BACKGROUND: Empirical antifungal therapy is the standard of care for neutropenic patients with hematological malignancies who remain febrile despite broad-spectrum antibacterial treatment. Recent diagnostic improvements may ensure the early diagnosis of potentially invasive fungal disease. Reserving antifungals for this stage may achieve similar survival rates and reduce treatment toxicity and costs.

METHODS: In this multicenter, open-label, randomized noninferiority trial, we compared an empirical antifungal strategy with a preemptive one.

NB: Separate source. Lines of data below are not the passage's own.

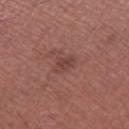No biopsy was performed on this lesion — it was imaged during a full skin examination and was not determined to be concerning.
A lesion tile, about 15 mm wide, cut from a 3D total-body photograph.
From the left thigh.
A male patient approximately 65 years of age.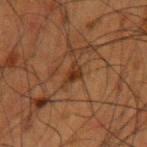Findings:
• notes: no biopsy performed (imaged during a skin exam)
• body site: the left upper arm
• lighting: cross-polarized
• image source: 15 mm crop, total-body photography
• patient: male, about 50 years old
• lesion size: ~2.5 mm (longest diameter)

Empirical treatment was defined as antibacterial treatment of patients who have persistent or recurrent fever. Preemptive treatment was defined as treatment of patients who have clinical, imaging, or galactomannan-antigen-assay evidence suggesting fungal disease. First-line antifungal treatment was amphotericin B deoxycholate (1 mg/kg/day) or liposomal amphotericin (3 mg/kg/day), depending on daily renal function. The primary efficacy outcome was the proportion of patients alive at 14 days after recovery from neutropenia.

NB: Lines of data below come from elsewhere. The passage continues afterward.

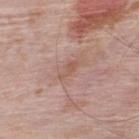Q: Is there a histopathology result?
A: total-body-photography surveillance lesion; no biopsy
Q: Illumination type?
A: white-light illumination
Q: What kind of image is this?
A: ~15 mm crop, total-body skin-cancer survey
Q: What are the patient's age and sex?
A: male, about 50 years old
Q: Lesion location?
A: the upper back
Q: What did automated image analysis measure?
A: an average lesion color of about L≈55 a*≈20 b*≈27 (CIELAB) and a lesion–skin lightness drop of about 7; a border-irregularity index near 5/10, internal color variation of about 0 on a 0–10 scale, and a peripheral color-asymmetry measure near 0; lesion-presence confidence of about 100/100

RESULTS: The median duration of neutropenia (neutrophil count, <500 cells/mm3) for the 293 patients enrolled was 18 days (range, 5-69 days). By intention-to-treat analysis, survival was 97.3% with empirical treatment and 95.1% with preemptive treatment. The lower 95% confidence limit for the difference in mortality was -5.9%, which was within the noninferiority margin of -8%. Probable or proven invasive fungal infections were more common among patients who received preemptive treatment than among patients who received empirical treatment (13 of 143 vs. 4 of 150; P < .05), and most infections occurred during induction therapy (12 of 73 patients in the preemptive treatment group vs. 3 of 78 patients in the empirical treatment group were infected during induction therapy; P < .01). Preemptive treatment did not decrease nephrotoxicity but decreased costs of antifungal therapy by 35%.

CONCLUSIONS: Preemptive treatment increased the incidence of invasive fungal disease, without increasing mortality, and decreased the costs of antifungal drugs. Empirical treatment may provide better survival rates for patients receiving induction chemotherapy.